From this distribution we created 3 bins:

a high-risk group if the employee had over 77% chance of being classified as high-risk
a medium-risk group if the employee has between a 53% and 77% chance of being classified as high-risk
a low-risk group if the employee has less than a 53% chance of being classified as high-risk

After creating these bins quasi-arbitrarily, by cutting the groups at (mean - std dev, mean + std dev) we can see that the bulk of employees are categorized as medium risk with an almost equal split of 15% and 17% for low and high risk employees, respectively.

Moving on to the bus route dataset, here we have a snippet of the random forest model. We split the data into training and testing sets, fit the model, tested data, and tuned hyper parameter to achieve 82% predictive accuracy. Every route got transformed into a column when we created dummy variables. Therefore, every route column got assigned a coefficient, indicating how strongly a route correlates to a high risk of accidents.

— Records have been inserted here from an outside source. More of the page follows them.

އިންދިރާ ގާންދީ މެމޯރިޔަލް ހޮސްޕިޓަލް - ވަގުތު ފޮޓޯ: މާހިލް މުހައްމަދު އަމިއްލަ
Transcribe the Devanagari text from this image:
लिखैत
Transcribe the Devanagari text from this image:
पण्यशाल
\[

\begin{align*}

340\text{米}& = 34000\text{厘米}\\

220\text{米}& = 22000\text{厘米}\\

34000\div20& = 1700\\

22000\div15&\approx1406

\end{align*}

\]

We plotted the coefficient calculated to get the graph above. We can see 3 clearly distinct peaks: on near -0.4, another near 0.3, and the tallest one at 0. A positive coefficient indicates that the route is positively correlated to a high-risk route label, thus making it a high-risk route. On the contrary, a negative coefficient indicates that driving on that route indicates a negative correlation with the high-risk label, thus making it a low-risk route. However, we considered that a coefficient of 0 should be a low-risk route since it is not indicating a higher chance of having an accident. Therefore, we interpreted this distribution as bimodal.

From the bimodal route risk distribution, we grouped routes as high-risk and low-risk:

45% of routes are classified as high-risk
55% of routes are classified as low-risk

From our extensive analysis, we classified employees (bus operators) into 3 groups: low, medium and high-risk. We also classified routes into two bins: as low and high-risk.

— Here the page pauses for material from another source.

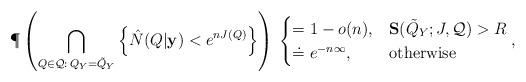
LaTeX: \begin{align*}\P\left(\bigcap_{Q\in{\cal Q}:\, Q_{Y}=\tilde{Q}_{Y}}\left\{ \hat{N}(Q|\mathbf{y})<e^{nJ(Q)}\right\} \right)\:\begin{cases}=1-o(n), & \mathbf{S}(\tilde{Q}_{Y};J,{\cal Q})>R\\\doteq e^{-n\infty}, & \mbox{otherwise}\end{cases},\end{align*}

Our conclusion, is that to reduce risk scores and therefore accident rates, we should:

Pair low-risk operators with the highest-risk routes
Pair high-risk operators with the lowest-risk routes
Pair medium-risk operators remaining routes

Grouping in such way is a feasible alternative that gives the MBTA flexibility over route assignments. Moreover, using our predictive model for employee risk may yield insights on an incoming employee's risk score. This model could be further improved by adding new features like employee driving records or credit score if it has predictive power over the risk score.